Für den 14.März 2008 mobilisierten ein Dutzend Gruppen aus der deutbschen Friedensbewegung zu einer Protestkundgebung vor dem Bundeskanzleramt in Berlin. Der Grund dafür war der Besuch Angela Merkels in dieser Woche in der israelischen Hauptstadt Jerusalem. Sie ist damit die erste Regierungschefin, die vor dem 60.Jahrestag der Staatsgründung Israels, den jüdischen Staat besucht.

Die so genannten “Friedensgruppen“ würdigten dieses historische Ereignis aber nicht, sondern brachten offen ihre Abneigung gegen Israel zum Ausdruck.

Die Geschichte des globalen Antisemitismus wurde ebenso ignoriert, wie die Vernichtung der europäischen Jüdinnen und Juden und die Ereignisse im Osmanischen Reich und später im britischen Mandatsgebiet Palästina Ende des 19. und Anfang des 20 Jahrhunderts.
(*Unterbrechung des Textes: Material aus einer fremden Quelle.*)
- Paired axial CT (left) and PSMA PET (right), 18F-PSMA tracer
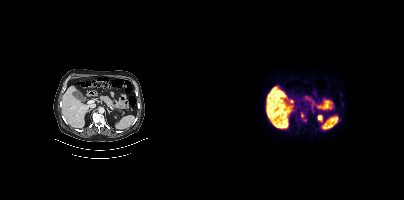
Findings: Coordinates are on the 200×200 PET (right) panel. (showing 2 of 3 foci) PSMA-avid tumor lesion bounding box (x0,y0,x1,y1): [97,113,99,117]. Small PSMA-avid focus (2 to 4 px across) near (center x, center y): (100, 119).
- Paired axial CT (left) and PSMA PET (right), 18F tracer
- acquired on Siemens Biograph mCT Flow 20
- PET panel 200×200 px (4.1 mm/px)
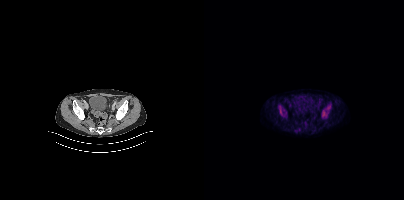
Findings: Coordinates are on the 200×200 PET (right) panel. (showing 2 of 3 foci) PSMA-avid tumor lesion bounding boxes (x0,y0,x1,y1): [76,110,78,115] [119,111,120,115].
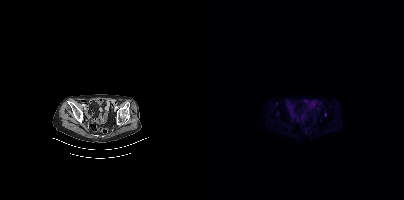
- Two-panel axial: CT | PSMA PET, 68Ga tracer
- acquired on Siemens Biograph mCT Flow 20
Findings: Coordinates are on the 200×200 PET (right) panel. Small PSMA-avid focus (2 to 4 px across) near (center x, center y): (121, 114).
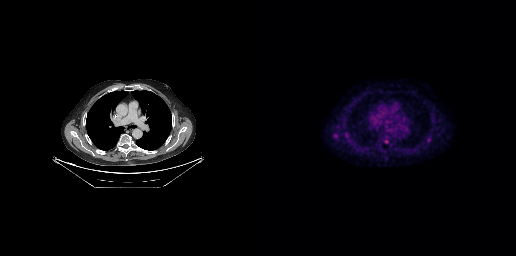
- Paired axial CT (left) and PSMA PET (right), 18F-PSMA tracer
- slice 199 of 263
Findings: Coordinates are on the 256×256 PET (right) panel. PSMA-avid tumor lesion bounding box (x0,y0,x1,y1): [167,138,170,142].
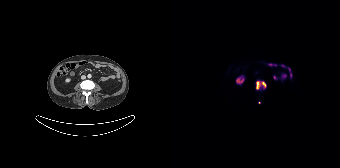
Coordinates are on the 168×168 PET (right) panel. PSMA-avid tumor lesion bounding box (x0,y0,x1,y1): [84,80,94,89]. Small PSMA-avid focus (2 to 4 px across) near (center x, center y): (87, 102).
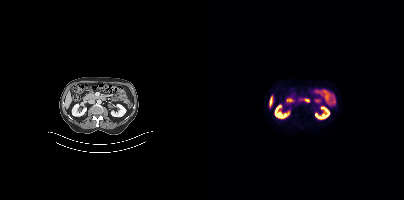
{"modality":"PSMA PET/CT","view":"axial","tracer":"[18F]PSMA-1007","pet_grid":[200,200],"coord_frame":"pet_panel","coord_format":"x0,y0,x1,y1","psma_avid_lesions":false}
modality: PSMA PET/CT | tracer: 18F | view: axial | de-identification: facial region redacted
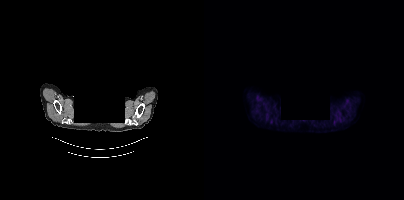
No tumor lesions annotated on this slice.

63 Jahre nach der Befreiung des Konzentrationslagers Auschwitz und der Befreiung der Welt vom nationalsozialistischen Deutschland, ist die Reise der deutschen Kanzlerin und mehrer Ministerinnen und Minister von großem Wert. Bei aller berechtigten Kritik an der derzeitigen Bundesregierung, ist der Besuch des halben Bundeskabinetts in Israel wichtig im Kampf gegen den deutschen Antisemitismus. Das die Tageszeitung Junge Welt in ihrer Ausgabe vom 12.März 2008 schreibt, dass der Besuch der deutschen Regierungschefin in Israel “auf Dauer den Antisemitismus hierzulande stärkt“ ist nicht nur sehr ignorant, sondern zeigt auch offen wie resistent ein Großteil der deutschen Gesellschaft gegen die Bekämpfung des Antisemitismus ist.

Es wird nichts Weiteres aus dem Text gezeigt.